Leading logarithms in N-flavour mesonic Chiral Perturbation Theory

TL;DR

This paper extends the calculation of leading logarithms in mesonic chiral perturbation theory for N flavors, providing high-loop order results for various physical quantities and analyzing flavor trace factors.

Contribution

It introduces higher-loop order calculations of leading logarithms in SU(N) chiral perturbation theory and analyzes flavor trace structures, extending previous work on nonlinear sigma models.

Findings

Leading logarithms computed up to six or seven loops for key quantities.

Explicit results for vector and scalar form factors and meson-meson scattering at five loops.

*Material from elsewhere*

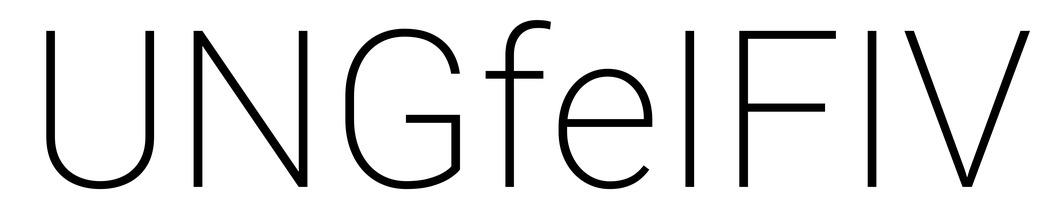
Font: Roboto_ExtraLight

Elementary proof of flavor trace factor properties at each loop order.

Abstract

We extend earlier work on leading logarithms in the massive nonlinear O(n) sigma model to the case of SU(N)xSU(N)/SU(N) which coincides with mesonic chiral perturbation theory for N flavours of light quarks. We discuss the leading logarithms for the mass and decay constant to six loops and for the vacuum expectation value <\bar{q}q> to seven loops. For dynamical quantities the expressions grow extremely large much faster such that we only quote the leading logarithms to five loops for the vector and scalar form factor and for meson-meson scattering. The last quantity we consider is the vector-vector to meson-meson amplitude where we quote results up to four loops for a subset of quantities, in particular for the pion polarizabilities. As a side result we provide an elementary proof that the factors of N appearing at each loop order are odd or even depending on the order and the remaining traces over external flavours.